Уж не знаю, что послужило тому причиной – угощение ли в виде небывало пропитанной магией Леса добычи, удача ли, что улыбалась мне в тот день, но у Светлого получилось. Щенки. Пятеро лопоухих волчат, все как на подбор с его роскошной шерстью и моими мощными лапами. Четыре девчонки – ох, и красива же будет моя свита, когда я стану Матерью-Охотницей! – и один самец. Бесполезный, конечно, но в нем моя кровь. Авось будет поудачливей горе-папаши и многим в стае подарит свою чудесную шерсть. Светлый почти не покидает пещеру, постоянно вылизывая, воспитывая и научая малышей, да и сама я отлучаюсь только на охоту: они еще слишком малы, чтобы бежать со всеми. Как же сладко было дать знать о детях Матери-Охотнице. Твоя кровь вновь сильнее. Я принесла самых красивых щенков.

Бесполезный оказался наиболее глупым из помета – самец, что с него взять. Ни мозгов, ни чувства самосохранения. Умудрился ночью сбежать из пещеры, пока я, наевшись, давала Светлому ловить на мне блох. Напал на мелкую змею и попытался ее сожрать. А та, не будь дурой, цапнула его перед смертью, да цапнула хорошо: место укуса мгновенно распухло и посинело. Нашли щенка мы не сразу – по сиплому, еле слышному дыханию. Светлый заскулил – прикипел к помету. Сердце отца не обманешь, природа такая у них – любить всех своих детей. Матерям с этим проще: все, что могла, я им уже дала, остальное – отцовская забота. А Светлый не уследил. Воет.

Смотрю на маленький комок шерсти в его лапах. Вылизывает. Сестры подошли своей смешной детской походкой, в недоумении тыкаются мордочками в брата. Не понимают, почему он, вопреки обыкновению, не бежит за ними. Во мне закипает какая-то странная, необъяснимая ярость. Да, конечно, это самец, бесполезный, ненужный, но он моей крови, а моя кровь сильна. Моя кровь не умрет по глупости, из-за змеи.
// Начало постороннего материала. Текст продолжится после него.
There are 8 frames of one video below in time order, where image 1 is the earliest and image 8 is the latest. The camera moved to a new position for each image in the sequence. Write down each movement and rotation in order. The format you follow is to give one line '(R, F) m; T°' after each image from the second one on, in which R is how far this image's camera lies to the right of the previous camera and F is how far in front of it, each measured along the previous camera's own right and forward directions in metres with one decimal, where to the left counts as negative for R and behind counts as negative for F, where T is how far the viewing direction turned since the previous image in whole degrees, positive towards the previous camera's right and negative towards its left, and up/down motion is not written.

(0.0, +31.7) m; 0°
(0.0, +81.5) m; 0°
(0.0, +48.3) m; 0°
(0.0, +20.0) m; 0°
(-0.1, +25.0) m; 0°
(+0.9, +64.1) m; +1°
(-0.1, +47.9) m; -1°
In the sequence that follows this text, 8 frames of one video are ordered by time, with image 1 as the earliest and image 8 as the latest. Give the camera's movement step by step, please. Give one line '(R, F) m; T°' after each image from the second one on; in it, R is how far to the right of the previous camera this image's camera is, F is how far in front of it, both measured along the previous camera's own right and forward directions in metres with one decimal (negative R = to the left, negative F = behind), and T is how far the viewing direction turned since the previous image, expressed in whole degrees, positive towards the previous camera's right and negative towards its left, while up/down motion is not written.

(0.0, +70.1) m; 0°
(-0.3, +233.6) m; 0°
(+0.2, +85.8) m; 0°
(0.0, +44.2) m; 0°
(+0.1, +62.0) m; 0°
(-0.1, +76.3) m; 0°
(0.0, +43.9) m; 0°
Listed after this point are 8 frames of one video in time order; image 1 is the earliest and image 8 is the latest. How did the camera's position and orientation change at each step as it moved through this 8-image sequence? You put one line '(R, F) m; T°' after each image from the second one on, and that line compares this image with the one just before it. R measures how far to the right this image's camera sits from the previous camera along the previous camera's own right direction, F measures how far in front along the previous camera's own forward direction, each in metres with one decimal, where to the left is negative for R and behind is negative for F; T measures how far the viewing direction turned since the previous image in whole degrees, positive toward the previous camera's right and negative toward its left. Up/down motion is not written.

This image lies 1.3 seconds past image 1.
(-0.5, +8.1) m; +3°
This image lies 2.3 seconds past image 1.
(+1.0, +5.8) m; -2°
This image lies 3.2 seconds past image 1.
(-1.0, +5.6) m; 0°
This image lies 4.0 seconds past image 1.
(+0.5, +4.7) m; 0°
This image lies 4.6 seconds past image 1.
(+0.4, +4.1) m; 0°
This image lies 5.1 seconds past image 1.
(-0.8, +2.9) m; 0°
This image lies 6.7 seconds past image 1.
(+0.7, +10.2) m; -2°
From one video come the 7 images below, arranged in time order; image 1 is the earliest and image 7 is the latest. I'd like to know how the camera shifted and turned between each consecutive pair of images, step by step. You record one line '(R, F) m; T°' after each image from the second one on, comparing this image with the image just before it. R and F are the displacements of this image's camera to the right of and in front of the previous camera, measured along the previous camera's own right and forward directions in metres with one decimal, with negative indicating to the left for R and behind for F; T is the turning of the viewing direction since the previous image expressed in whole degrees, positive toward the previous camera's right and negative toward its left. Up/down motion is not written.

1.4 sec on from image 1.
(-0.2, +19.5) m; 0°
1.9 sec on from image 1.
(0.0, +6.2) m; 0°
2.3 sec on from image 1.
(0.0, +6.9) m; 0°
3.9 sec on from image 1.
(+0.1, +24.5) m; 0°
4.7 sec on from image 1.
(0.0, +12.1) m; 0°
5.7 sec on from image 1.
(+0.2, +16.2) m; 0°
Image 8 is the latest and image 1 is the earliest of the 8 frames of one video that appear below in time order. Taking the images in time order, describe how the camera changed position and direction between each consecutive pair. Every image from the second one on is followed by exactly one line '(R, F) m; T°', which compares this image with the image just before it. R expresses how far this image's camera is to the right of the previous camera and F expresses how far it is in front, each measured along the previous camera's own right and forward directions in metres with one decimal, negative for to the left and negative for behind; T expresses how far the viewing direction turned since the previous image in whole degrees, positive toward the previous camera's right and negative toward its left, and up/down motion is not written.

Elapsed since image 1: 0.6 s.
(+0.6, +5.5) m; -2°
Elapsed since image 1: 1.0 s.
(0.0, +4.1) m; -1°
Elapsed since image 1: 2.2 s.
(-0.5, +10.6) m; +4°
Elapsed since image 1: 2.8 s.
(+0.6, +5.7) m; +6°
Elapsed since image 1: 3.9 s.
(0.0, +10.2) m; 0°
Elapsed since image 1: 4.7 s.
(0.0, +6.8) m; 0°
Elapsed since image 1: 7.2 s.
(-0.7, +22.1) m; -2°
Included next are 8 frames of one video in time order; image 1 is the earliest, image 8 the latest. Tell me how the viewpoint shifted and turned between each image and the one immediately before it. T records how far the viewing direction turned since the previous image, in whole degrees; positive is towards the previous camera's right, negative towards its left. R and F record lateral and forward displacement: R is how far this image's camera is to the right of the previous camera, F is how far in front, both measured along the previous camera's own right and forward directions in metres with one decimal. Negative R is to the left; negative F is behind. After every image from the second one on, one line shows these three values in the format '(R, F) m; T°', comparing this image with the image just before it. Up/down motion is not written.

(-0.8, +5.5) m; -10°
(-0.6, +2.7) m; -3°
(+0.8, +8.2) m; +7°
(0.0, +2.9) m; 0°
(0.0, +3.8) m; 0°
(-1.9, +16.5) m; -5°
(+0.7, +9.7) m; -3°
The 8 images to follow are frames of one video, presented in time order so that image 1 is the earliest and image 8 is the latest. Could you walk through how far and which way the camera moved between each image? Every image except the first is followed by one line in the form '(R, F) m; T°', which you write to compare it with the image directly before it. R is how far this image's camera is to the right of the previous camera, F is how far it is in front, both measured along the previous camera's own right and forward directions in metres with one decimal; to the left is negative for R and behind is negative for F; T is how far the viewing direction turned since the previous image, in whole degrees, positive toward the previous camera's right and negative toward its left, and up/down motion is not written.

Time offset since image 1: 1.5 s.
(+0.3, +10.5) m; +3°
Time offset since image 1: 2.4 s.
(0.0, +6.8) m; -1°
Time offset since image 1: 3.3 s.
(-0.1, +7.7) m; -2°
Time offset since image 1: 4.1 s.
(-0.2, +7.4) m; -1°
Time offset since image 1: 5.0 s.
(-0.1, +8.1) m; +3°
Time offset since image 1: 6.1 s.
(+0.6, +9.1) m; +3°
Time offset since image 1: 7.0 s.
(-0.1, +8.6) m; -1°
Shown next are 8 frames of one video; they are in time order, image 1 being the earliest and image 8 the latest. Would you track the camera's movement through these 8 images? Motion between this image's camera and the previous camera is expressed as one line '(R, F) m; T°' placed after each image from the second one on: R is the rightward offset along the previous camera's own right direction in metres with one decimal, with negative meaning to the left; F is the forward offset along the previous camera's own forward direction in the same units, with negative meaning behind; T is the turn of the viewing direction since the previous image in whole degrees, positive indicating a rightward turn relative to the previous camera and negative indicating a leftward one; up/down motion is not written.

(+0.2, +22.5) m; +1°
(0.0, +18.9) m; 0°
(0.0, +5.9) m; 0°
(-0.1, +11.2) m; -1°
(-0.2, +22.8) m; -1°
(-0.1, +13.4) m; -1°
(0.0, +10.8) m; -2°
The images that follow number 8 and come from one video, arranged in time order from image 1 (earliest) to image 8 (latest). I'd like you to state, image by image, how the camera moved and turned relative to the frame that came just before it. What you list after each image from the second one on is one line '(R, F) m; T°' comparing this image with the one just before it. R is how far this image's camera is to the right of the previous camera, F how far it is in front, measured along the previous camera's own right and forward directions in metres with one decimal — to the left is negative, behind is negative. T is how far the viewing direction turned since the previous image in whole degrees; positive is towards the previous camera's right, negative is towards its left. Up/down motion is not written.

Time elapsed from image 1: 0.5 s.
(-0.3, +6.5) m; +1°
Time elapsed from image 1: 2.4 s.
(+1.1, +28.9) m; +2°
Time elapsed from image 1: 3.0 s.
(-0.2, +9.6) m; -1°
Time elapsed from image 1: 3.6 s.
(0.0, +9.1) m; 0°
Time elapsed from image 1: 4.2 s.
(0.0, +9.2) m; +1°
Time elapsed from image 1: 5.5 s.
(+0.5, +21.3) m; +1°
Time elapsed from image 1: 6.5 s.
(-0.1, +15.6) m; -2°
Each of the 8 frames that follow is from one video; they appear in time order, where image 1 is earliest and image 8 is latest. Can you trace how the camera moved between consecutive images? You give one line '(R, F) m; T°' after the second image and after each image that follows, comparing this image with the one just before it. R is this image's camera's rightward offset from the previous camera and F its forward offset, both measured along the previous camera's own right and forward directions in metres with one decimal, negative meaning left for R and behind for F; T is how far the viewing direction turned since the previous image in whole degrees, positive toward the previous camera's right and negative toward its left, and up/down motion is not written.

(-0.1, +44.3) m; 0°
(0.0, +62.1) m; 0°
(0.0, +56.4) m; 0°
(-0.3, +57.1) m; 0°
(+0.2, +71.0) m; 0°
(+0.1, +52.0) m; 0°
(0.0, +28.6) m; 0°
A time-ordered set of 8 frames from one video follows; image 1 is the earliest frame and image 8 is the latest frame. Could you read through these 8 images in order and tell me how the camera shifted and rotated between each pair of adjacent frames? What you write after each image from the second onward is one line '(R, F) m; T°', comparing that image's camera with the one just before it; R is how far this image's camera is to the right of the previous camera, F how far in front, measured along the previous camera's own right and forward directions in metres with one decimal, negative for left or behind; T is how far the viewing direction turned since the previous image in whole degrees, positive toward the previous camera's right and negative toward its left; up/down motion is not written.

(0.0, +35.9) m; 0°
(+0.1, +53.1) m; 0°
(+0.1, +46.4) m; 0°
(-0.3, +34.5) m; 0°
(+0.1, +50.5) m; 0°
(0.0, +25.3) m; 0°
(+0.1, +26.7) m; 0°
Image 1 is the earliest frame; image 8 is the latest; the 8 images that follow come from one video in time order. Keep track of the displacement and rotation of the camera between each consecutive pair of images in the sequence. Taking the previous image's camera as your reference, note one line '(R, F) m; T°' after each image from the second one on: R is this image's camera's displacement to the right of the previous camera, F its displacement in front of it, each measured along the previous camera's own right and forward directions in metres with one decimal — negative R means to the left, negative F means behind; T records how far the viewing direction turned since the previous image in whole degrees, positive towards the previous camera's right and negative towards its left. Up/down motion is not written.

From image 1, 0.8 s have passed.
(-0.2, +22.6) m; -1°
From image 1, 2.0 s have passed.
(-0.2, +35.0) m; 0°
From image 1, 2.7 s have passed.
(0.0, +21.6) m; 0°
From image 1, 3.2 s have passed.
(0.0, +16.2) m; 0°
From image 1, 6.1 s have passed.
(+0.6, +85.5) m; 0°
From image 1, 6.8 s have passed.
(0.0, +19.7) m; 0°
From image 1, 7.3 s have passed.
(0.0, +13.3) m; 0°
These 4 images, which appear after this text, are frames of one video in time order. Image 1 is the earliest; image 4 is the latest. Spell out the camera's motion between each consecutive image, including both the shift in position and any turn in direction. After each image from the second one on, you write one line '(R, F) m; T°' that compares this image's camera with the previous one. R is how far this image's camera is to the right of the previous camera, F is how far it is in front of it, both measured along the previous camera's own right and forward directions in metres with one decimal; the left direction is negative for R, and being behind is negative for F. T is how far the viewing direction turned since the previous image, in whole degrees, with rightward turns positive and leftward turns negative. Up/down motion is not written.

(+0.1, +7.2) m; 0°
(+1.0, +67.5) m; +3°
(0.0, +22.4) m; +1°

Быстро ухожу и так же быстро возвращаюсь с добычей. Этот зверь магическим никогда не был и из Леса не выходил, никакой силой детей и мужа не напитает, но хотя бы прокормит, пока меня нет. Светлый смотрит непонимающе. Не верит. Низко рычу, впервые в жизни говоря с ним. Есть цветы, которые лечат любой яд. Я принесу такой Бесполезному, тот оклемается, и все будет хорошо. Хватит выть. Береги детей.

Он кивает, ошарашенно. Шутка ли – охотница, лучшая из дочерей Матери, снизошла до общения с самцом, пусть и зачавшим с ней. Вновь смотрит долго и вдруг подает голос:

– Легкого пути тебе, Кормилица. Иди с моей удачей.

Самки не знают примет, а вот жизнь самцов ими буквально кишит. И вправду, если ты никогда не уверен в завтрашнем дне, полностью зависим от расположения другого и не творишь свою судьбу собственными лапами, а лишь плетешься в чужом хвосте – легко в таком случае слепо уповать на чудо. Презренные дикари с другой стороны Леса, молящиеся на нас, Настоящих, как на богов, все как один чтят приметы, и наши самцы не лучше их. Но я молча киваю. Светлый дает мне единственное, что может, – свою удачу. Он в нее верит. Красивый у него голос, кстати. Надо будет послушать еще, когда вернусь.

Лизнула каждого из детенышей, нежно дала лапой по носу Светлому и в три прыжка скрылась в ночи. Время не ждет. Пора наполнить ночь кровью.



Цветы растут с другой стороны земель стаи. Об их свойствах знают все, а посему суются сюда лишь глупые да отчаянные: нет лучшего места для западни, чем водопой или всеисцеляющий цветок. Говорят, сейчас тут поселился какой-то котяра. Стая не любит котов: те не почитают своих самок. И я тоже сейчас их не люблю: мне нужен цветок, а этот толстый, зажравшийся горе-охотничек, отвыкший от погонь, преграждает дорогу. Он раза в три крупнее меня: сказываются годы хорошей кормежки, но я не привыкла отступать. Я – кровь Матери-Охотницы, лучшей из стаи. Не проиграю.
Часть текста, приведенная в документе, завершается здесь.